相手が撤退するつもりと見たリガルドは追撃に入る。

『隊長さんは神出鬼没だと怖いが、位置を把握していれば怖くない』

リガルドは張り付いて迅代の動きを妨害し、グリーナとイリナが捜索に専念できるようにするのが目的だった。
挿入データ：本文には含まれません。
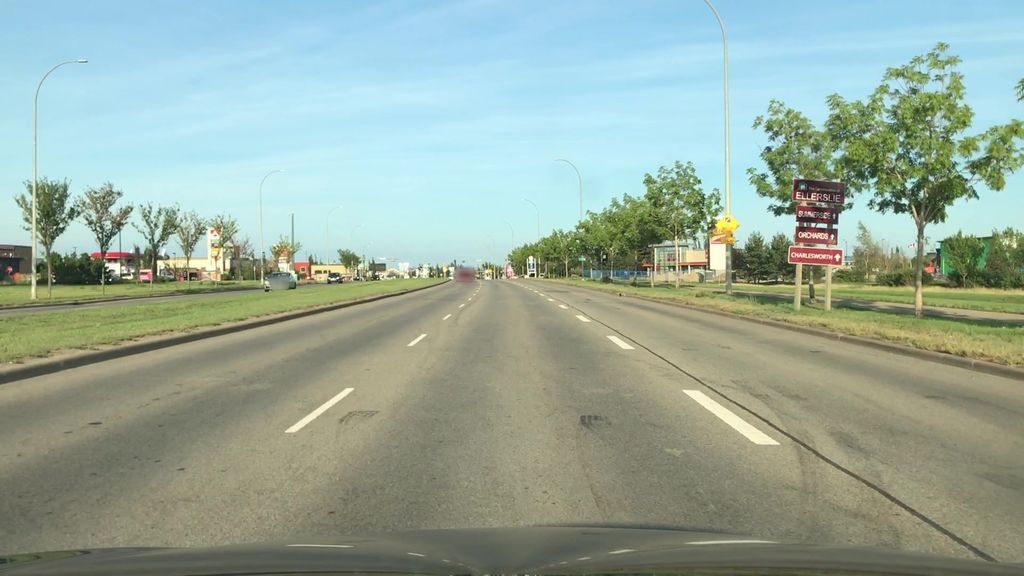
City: edmonton
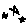
Label: star
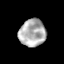
Tissue: skin
Cell type: Epithelial cells
Senescence score: 0.2697
Nuclear area (px): 699
Mean DAPI intensity: 177.312
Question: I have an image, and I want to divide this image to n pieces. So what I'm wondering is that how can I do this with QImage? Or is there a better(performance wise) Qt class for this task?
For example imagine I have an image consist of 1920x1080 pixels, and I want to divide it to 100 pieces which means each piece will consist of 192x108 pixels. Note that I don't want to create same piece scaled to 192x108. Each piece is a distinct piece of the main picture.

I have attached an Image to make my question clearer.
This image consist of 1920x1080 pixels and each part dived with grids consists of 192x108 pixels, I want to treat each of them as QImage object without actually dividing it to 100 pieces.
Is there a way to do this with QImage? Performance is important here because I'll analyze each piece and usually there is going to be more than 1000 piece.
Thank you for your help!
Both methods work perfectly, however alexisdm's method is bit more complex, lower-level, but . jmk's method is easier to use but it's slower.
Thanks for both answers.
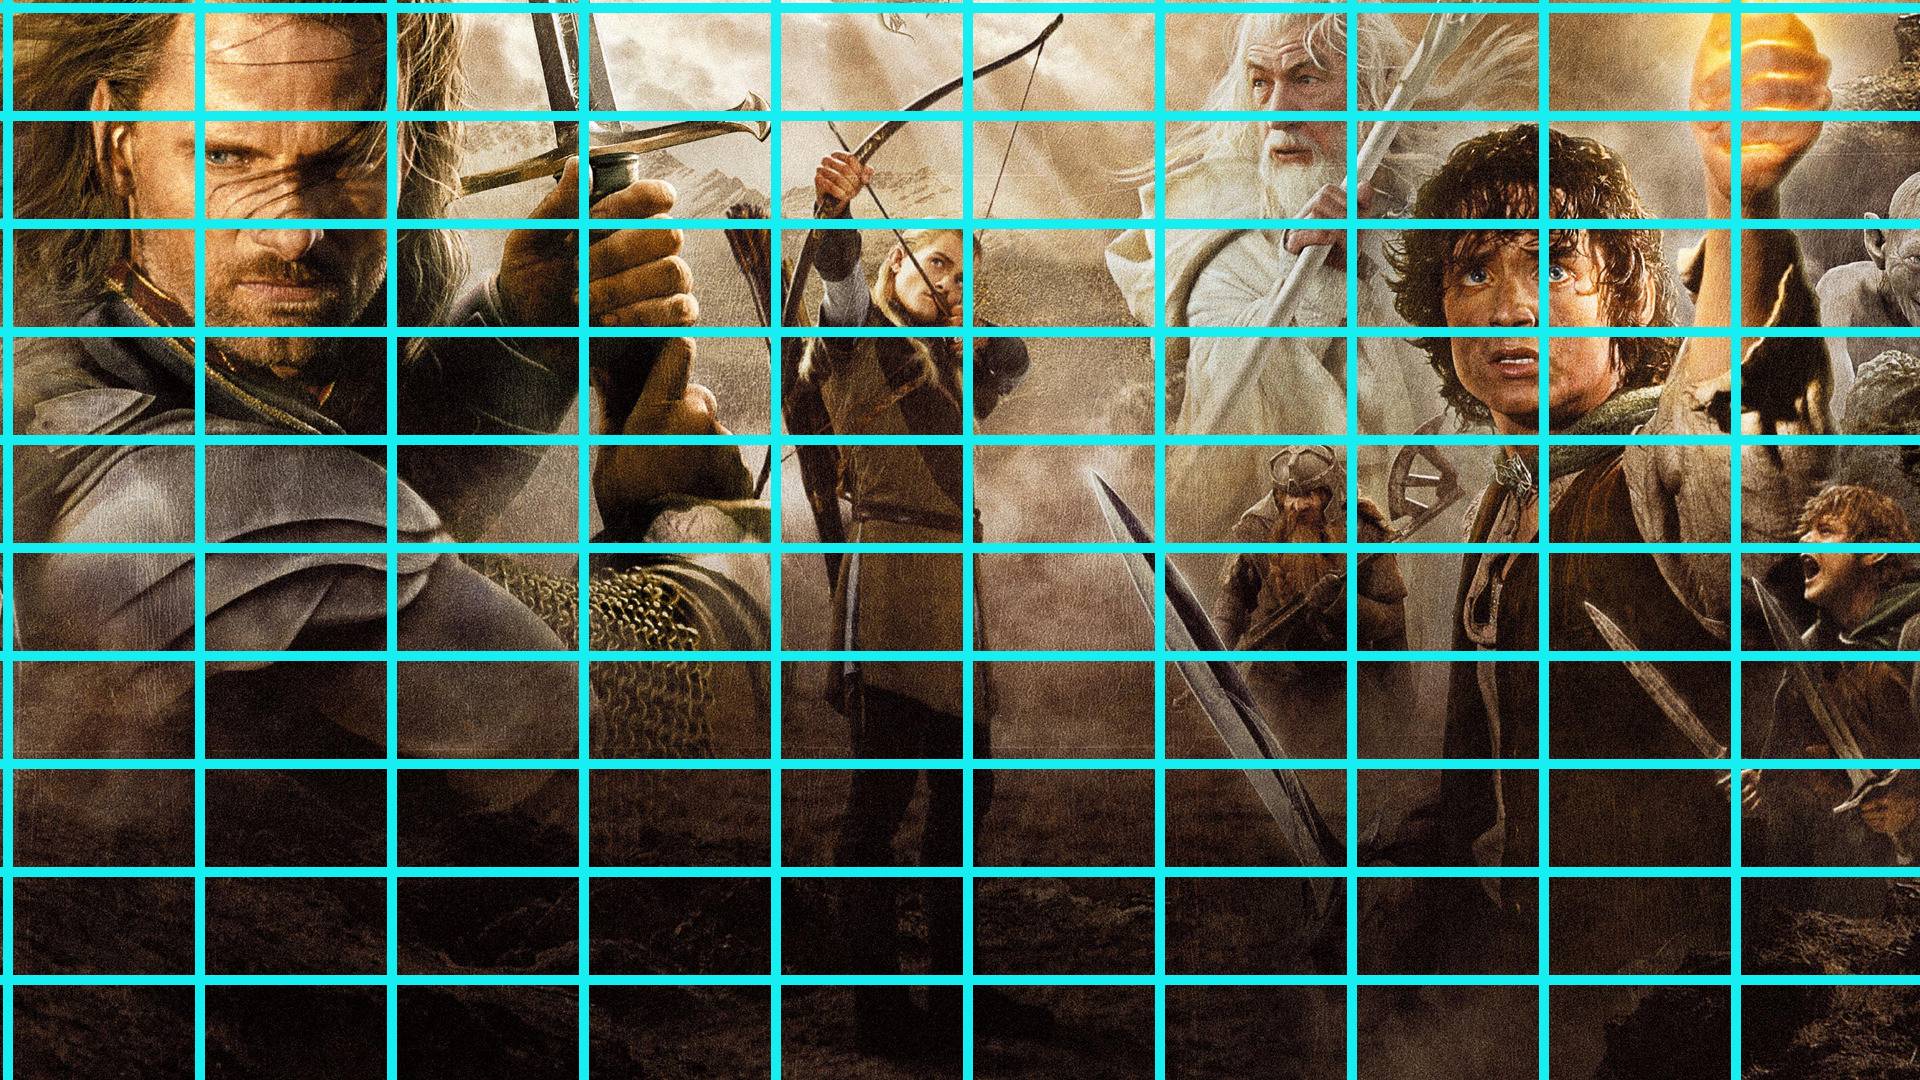
Answer: You can create a 'QImage' without copying any data by using the same stride (bytes per line) and format as the source image and passing the raw data buffer, with an offset corresponding to the desired starting position, to one of the constructors of 'QImage':
'''
QImage createSubImage(QImage* image, const QRect & rect) {
size_t offset = rect.x() * image->depth() / 8
+ rect.y() * image->bytesPerLine();
return QImage(image->bits() + offset, rect.width(), rect.height(),
image->bytesPerLine(), image->format());
}
'''
The source image must exist as long as the sub 'QImage' exists.
But it might not work if the analyzing code tries to access the image raw data directly without using 'QImage::bytesPerLine()', 'QImage::scanLine()' or 'QImage::pixel()'.

迅代は逃げるがリガルドに対し、それほど速度の優位は無い。

迅代は、リガルドを振り切れないと見るや、大樹の後ろに隠れた。

リガルドは徐々に接近し、迅代を仕留めるべく、にじり寄る。


「ライトニングボルト!」

周囲から稲妻のような電撃が5m四方に何本も飛び交う。

迅代が魔法を発動した。

リガルドは怯むが、リガルドの鎧は魔法耐性が有り、電撃のほとんどは効果をキャンセルされた。


迅代はこの隙にナイフでの格闘戦に出た。

すこし体勢を崩したリガルドの懐に迅代が迫る。

しかし、リガルドは蹴りを入れ、迅代の接近を阻止する。

迅代は間髪入れず、ダッシュで回り込み、左側面からナイフで斬りつける。

リガルドはロングソードを左に廻し、迅代のナイフの攻撃を受ける。

そして返す刀で、今度は右側から振りかぶった剣で迅代に斬りかかる。


しかし、迅代は後ろに下がらず、リガルドの斬撃をナイフで受け切る。

当然、このナイフの模造刀にも鉄武装強化の魔法がかけてあった。

しかし、勇者との模擬戦時と違うのは迅代自身が魔法をかけた物だった。

無論、強度は1/3ほどしか強化できなかったが。

それでもリガルドの攻撃を受け切るには何とかなったようだ。


「フラッシュ!」

迅代はリガルドの目前で閃光魔法を発する。

「くぅ!!」

リガルドは一瞬閃光を見てしまう。

視界を失い不利と感じたリガルドは大きく後ろに後退する。

「ざざっ!」

迅代は音を立てるのも構わず、この隙に撤退した。

さすがのリガルドも、視界を回復するまでは、追撃を諦めざるを得なかった。

『結構機転が利く隊長さんだぜ』

自分の腕に少なからず自信が有ったリガルドだが、迅代の腕も魔法込みなら互角ぐらいか、と思い直した。


グリンは午前と同じ場所で陣取っていた。

ルーフが昼食時に話した時、半分寝ていた、と言っていたので、そんなものなんだ、と少し気が楽になっていた。

でもさすがに寝る勇気はない。

倒木の下に掘った穴に身を隠しつつ、一応、周囲には注意を払って、警戒はしていた。


そんな様子を、少し離れた木の上から、グリーナが見ていた。

『兵隊を探すのは簡単だったね』

地図にマーキングしながら思った。

『恐らく、もう一人は道の向こうの森とは思うけど、手を抜かずに、こっちの森を全部見ておくか』

グリーナから見ればザルな警戒をしているグリンに気づかれないように迂回し、更に森の奥の捜索に向かった。


視界が戻って来たリガルドは、森の中央の道を目指して動き出した。

『あの隊長の事だ、こっちは早々に切り上げて、今度は右の森のイリナを狙うだろう』

そう思っていた。

何故ならこれは演習で、経験を積ませたり、行動をチェックするのが目的なのだから。